For one thing, it's a Norwegian company, which explains its popularity in Scandinavia, and could mean more focus and expertise on internationalization. Second, some of its features are more suited to Eastern European markets. Computers tend to be older and cheaper, and Opera works well in low-CPU/low-memory environments[1]. Many connections are still on dial-up, and many ISPs charge by the megabyte, and Opera has a number of options for saving bandwidth, like disabling images or using a proxy compression server. These advantages are probably less important nowadays than 5 or 10 years ago, but by now it's an established player, which helps.

[1] On machines with lots of RAM it tends to be a memory hog, but it works perfectly fine in tighter environments. They claim their memory strategy changes depending on local conditions.

> I guess you have to credit Opera for sticking it out this long, years after they dropped off the radar of basically everybody.

I don't get it. They were never on the radar. They are now. They've got more than 140 million users.

> I keep hearing that their mobile browser is big, but it seems that nobody has ever visited any of my sites using it.

It has 1/4 of the mobile browser market, and mobile browsing is expected to be bigger than PCs in a couple of years (it's actually growing that fast).

Opera exists on the basis of the superb mobile browsers - Opera Mobile and _especially_ Opera Mini. (there was a previous post about this http://news.ycombinator.com/item?id=1882753)

In India, where smartphone penetration has just started, pretty much Opera Mini is defacto here. Especially with the cheap, underpowered Chinese smartphones which come pre-installed with Opera Mini.

In fact, a significant percentage of Nokia phones out here are preinstalled with Opera Mini (or Opera Mobile). I'm pretty sure there is a per-device licensing that is making money for them.
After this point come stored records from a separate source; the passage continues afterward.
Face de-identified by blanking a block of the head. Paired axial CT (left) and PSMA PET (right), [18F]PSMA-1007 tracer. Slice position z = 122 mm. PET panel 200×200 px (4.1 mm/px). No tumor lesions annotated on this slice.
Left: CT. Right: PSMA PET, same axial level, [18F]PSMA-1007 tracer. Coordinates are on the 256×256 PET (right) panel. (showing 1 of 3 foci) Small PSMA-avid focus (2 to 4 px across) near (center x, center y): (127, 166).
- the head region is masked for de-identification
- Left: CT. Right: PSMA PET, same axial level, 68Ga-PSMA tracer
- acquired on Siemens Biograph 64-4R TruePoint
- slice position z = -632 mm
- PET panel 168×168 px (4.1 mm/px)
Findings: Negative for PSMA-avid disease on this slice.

More than 1/3 of Opera's revenue is from the desktop browser. It's simply false to claim that it exists on the basis of mobile browsers (superb or not).
I was excited to see they decided to add extension support. Unfortunately it seems quite limited for now. Essentially you have greasemonkey scripts plus a button on the toolbar. Also the extension API is extremely buggy at the moment, which makes it painful to write extension but its still a development build so it's ok.
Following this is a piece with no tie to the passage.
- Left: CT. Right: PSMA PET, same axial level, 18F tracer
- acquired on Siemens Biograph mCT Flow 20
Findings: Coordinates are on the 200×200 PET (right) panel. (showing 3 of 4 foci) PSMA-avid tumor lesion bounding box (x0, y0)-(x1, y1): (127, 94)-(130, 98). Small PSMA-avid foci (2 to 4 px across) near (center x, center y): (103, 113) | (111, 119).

Looking at the changelogs I'm surprised to see regressions in basic features of the browsers. I wonder if the firefox and chrome trunks have the same kinds of bugs.

Immediately used 160MB upon starting the program. Firefox is lean compared to that.
A random number like that is pretty useless. Opera has dynamic handling of RAM, so if you have a lot of it, it will use more. If you have less, it will use less.

I'm guessing you have at least 1-2 GB RAM.

By the way, claiming that Firefox is lean because it sets hard limits instead of adapting the memory usage dynamically is pretty silly...
You can manually set the memory cache in Preferences.

I figure that unused RAM is wasted RAM. If I've got 4GB of RAM and all that caching allows to browse faster (going back a page in Opera is lightening fast), then I applaud it.

I like getting downvoted for not knowing the minutia of a program's memory handling. Thanks, people.

To Osiris: Given I'm not aware of that 150+ MB being dynamic, I assume that's 150MB I'm not getting back if and when I need it. I play memory-eating video games and use VMs; 150MB for a web browser looks like a lot when you've got to trim the fat off your running processes.

Does Opera reduce its memory footprint when you are low on RAM?